Emphasizing that traditional definitions of intelligence, such as IQ,
are far too limited, he describes eight types of intelligence.
(1) One of these types is the emotional,
which struggles against the intellectual. This definition captures the
conflict between the mind’s thoughts and the heart’s emotions. Who is
better? Who is more important? When should we use each, or both?
Undoubtedly, we all need both emotions and mind to succeed. One of them
cannot substitute for the other; we need to reach a state of balance
between both. Similarly, it is best to ensure that those having book
smarts (i.e. people with higher cognitive abilities-intellectual
intelligence) are not more successful than those with street smarts
(i.e. people with higher non-cognitive abilities-emotional intelligence)
and vice versa, as each completes the other. As David Caruso said, “It
is very important to understand that emotional intelligence is not the
opposite of intelligence, it is not the triumph of heart over head—it
is the unique intersection of both.” (2)
This struggle is also prominent in the medical field. Health care
professionals, especially doctors, are always caught in the middle of
this conflict between humanity and objectivity. Most medical curricula
emphasize the importance of intellectual abilities (knowledge and
skills), while very scant attention is given to the improvement of
doctors’ EI. This imbalance could lead to increases in malpractice
claims against doctors (3)
(4), high levels of burnout and
depression (5)
(3) (6),
and deterioration of the doctor-patient relationship.
(5) (7)
(4) As Goleman has pointed out, at times
of heightened competition for patient loyalty, those physicians who are
more aware of their patients’ emotions are more successful in treating
patients than their less-perceptive colleagues.
(8) (9)
The improved doctor-patient relationship leads to patient satisfaction,
and thereby helps increase diagnosis accuracy and patient compliance,
making them more adherent to treatment protocols.
(9) (7)
Furthermore, emotional intelligence is supposed to improve physical and
psychological health, lead to better stress coping, and promote
effective teamwork and enhanced leadership among medical staff.

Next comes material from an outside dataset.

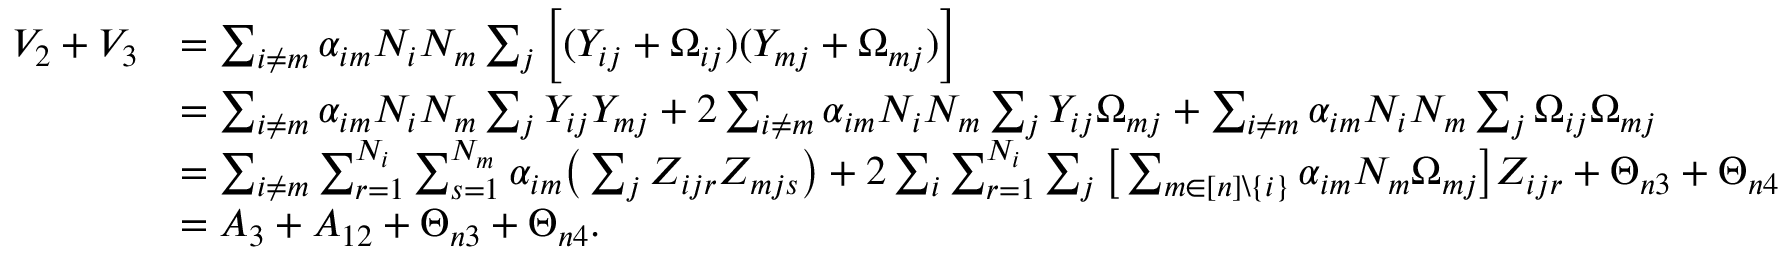
\begin{array} { r l } { V _ { 2 } + V _ { 3 } } & { = \sum _ { i \neq m } \alpha _ { i m } N _ { i } N _ { m } \sum _ { j } \bigg [ ( Y _ { i j } + \Omega _ { i j } ) ( Y _ { m j } + \Omega _ { m j } ) \bigg ] } \\ & { = \sum _ { i \neq m } \alpha _ { i m } N _ { i } N _ { m } \sum _ { j } Y _ { i j } Y _ { m j } + 2 \sum _ { i \neq m } \alpha _ { i m } N _ { i } N _ { m } \sum _ { j } Y _ { i j } \Omega _ { m j } + \sum _ { i \neq m } \alpha _ { i m } N _ { i } N _ { m } \sum _ { j } \Omega _ { i j } \Omega _ { m j } } \\ & { = \sum _ { i \neq m } \sum _ { r = 1 } ^ { N _ { i } } \sum _ { s = 1 } ^ { N _ { m } } \alpha _ { i m } \big ( \sum _ { j } Z _ { i j r } Z _ { m j s } \big ) + 2 \sum _ { i } \sum _ { r = 1 } ^ { N _ { i } } \sum _ { j } \big [ \sum _ { m \in [ n ] \backslash \{ i \} } \alpha _ { i m } N _ { m } \Omega _ { m j } \big ] Z _ { i j r } + \Theta _ { n 3 } + \Theta _ { n 4 } } \\ & { = A _ { 3 } + A _ { 1 2 } + \Theta _ { n 3 } + \Theta _ { n 4 } . } \end{array}

Due to increasing awareness of the importance of EI, emotional
intelligence has become a concept of great interest in the field of
medical education. It was introduced by Salovey and Mayer as a form of
social intelligence that involves the ability to monitor the feelings
and emotions of oneself and others, to discriminate among them, and to
use this information to guide one’s thinking and actions.

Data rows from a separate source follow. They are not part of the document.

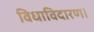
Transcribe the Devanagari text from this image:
विधाविदारण।
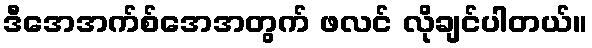
ဒီအေအက်စ်အေအတွက် ဖလင် လိုချင်ပါတယ်။
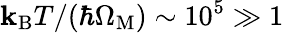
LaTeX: \mathbf{k}_{\mathrm{{B}}}T/(\hbar\Omega_{\mathrm{{M}}})\sim10^{5}\gg1
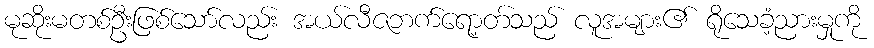
မုဆိုးမတစ်ဦးဖြစ်သော်လည်း အယ်လီဇဘက်ရော့တ်သည် လူအများ၏ ရိုသေခံ့ညားမှုကို
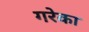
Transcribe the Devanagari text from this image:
गरेका
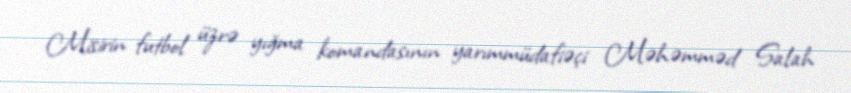
Misirin futbol üzrə yığma komandasının yarımmüdafiəçi Məhəmməd Salah
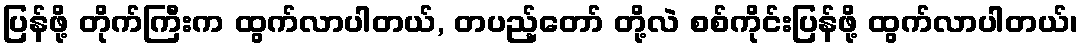
ပြန်ဖို့ တိုက်ကြီးက ထွက်လာပါတယ်, တပည့်တော် တို့လဲ စစ်ကိုင်းပြန်ဖို့ ထွက်လာပါတယ်၊
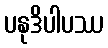
ပနုဒိပါပဿ
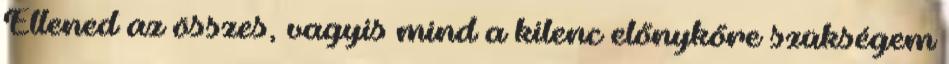
Ellened az összes, vagyis mind a kilenc előnykőre szükségem
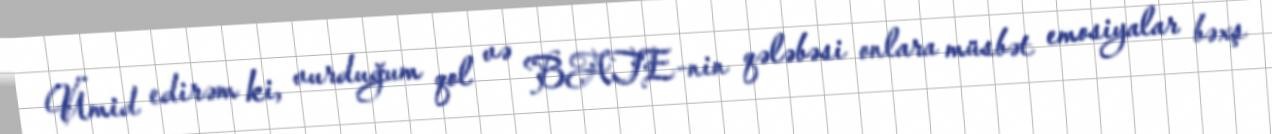
Ümid edirəm ki, vurduğum qol və BATE-nin qələbəsi onlara müsbət emosiyalar bəxş
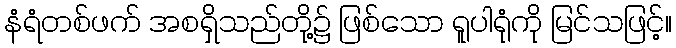
နံရံတစ်ဖက် အစရှိသည်တို့၌ ဖြစ်သော ရူပါရုံကို မြင်သဖြင့်။
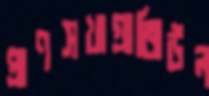
প্রাণসখাগ্রাজিউল
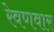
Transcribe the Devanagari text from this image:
रेवणवार

(10) As defined by Goleman, EI has five
components: knowing one’s emotions (self-awareness), managing emotions,
motivating oneself, recognizing emotions in others (empathy), and
handling relationships. (11)
There is scant knowledge, organized data, and statistics about the EI of
medical students in Palestine, its relationship with medical aspects,
and its effect on medical students at Al-Quds and Al-Najah Universities.
Such information is needed in order to improve students’ achievements,
quality of life, and professional success. Therefore, our study examined
the emotional intelligence scores of Al-Quds and Al-Najah University
medical students according to their stage of study (basic vs. clinical)
and in the context of potential contributing factors.